CATHERINE : Pour notre rencontre…en août 2009 ma nièce est née! Quelques jours plus tard nous avons fêté sa naissance chez mon frère. Il avait convié plusieurs ami(e)s à lui, dont Ludo. Nous nous sommes rencontrés à cette soirée, et bizarrement nous étions les 2 seuls célibataires de ce fameux soir! Et puis voilà <3 <3 <3 <3

MARIE : « Tu es entré dans notre classe, j’étais déjà assise, j’avais 15 ans, toi pas encore. Je t’ai trouvé beau, à ce moment-là je croyais que c’était un simple béguin d’enfant. Et puis, l’année scolaire passe et je continue à rêver de toi certaines nuits. En première, on se voit peu mais quand je te croise dans les couloirs je sens mon corps d’adolescente découvrir le désir… Mais je suis trop petite pour le comprendre et le maîtriser. En terminal et ensuite, le désir reste… Étrange, une même envie, un même désir qui dure depuis 21 ans. Ta beauté à mes yeux vient de ce que tu es dans ta globalité, de tes valeurs… Bonne Saint-Valentin… »

JOY : Je venais de faire mes courses, les bras chargés, je sortais du magasin quand un homme me bouscule et fait tout tomber, et sans va sans m’aider.

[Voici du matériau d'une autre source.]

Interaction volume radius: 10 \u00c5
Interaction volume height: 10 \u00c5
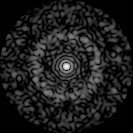
Disorder parameter: 0.8236

Un autre passe par là, m’aide à récupérer mes affaires et m’invite à prendre un café, et hop, mariés, 11 mois après nous étions mariés!

Anastasia : A la fin de mes études, juste avant de déménager et de commencer mon nouveau travail, je vais rendre service à ma meilleure amie qui a la grippe, en la remplaçant pour interviewer le mécène de la fac, pour le journal de l’université. Et là, quand je l’ai vu, le choc. Le coup de foudre. Mais bon j’ai vraiment eu l’impression d’être une godiche face à lui. Persuadée que j’étais transparente, j’ai été surprise de voir Christian arriver à mon travail me proposer de le revoir. Je vous épargne les 1500 pages de notre histoires mais j’ai réussi à le dompter, lui m’a initié, et nous sommes très heureux. C’était mon délire du jour 😉

A.nonyme : La belle-mère d’une amie me propose de déjeuner avec elle un midi pendant nos pauses boulot. On se retrouve au resto où elle est venue accompagnée d’un jeune collègue qu’elle voyait bien avec moi. Et bien la magie a opéré et 5 ans après ça marche toujours.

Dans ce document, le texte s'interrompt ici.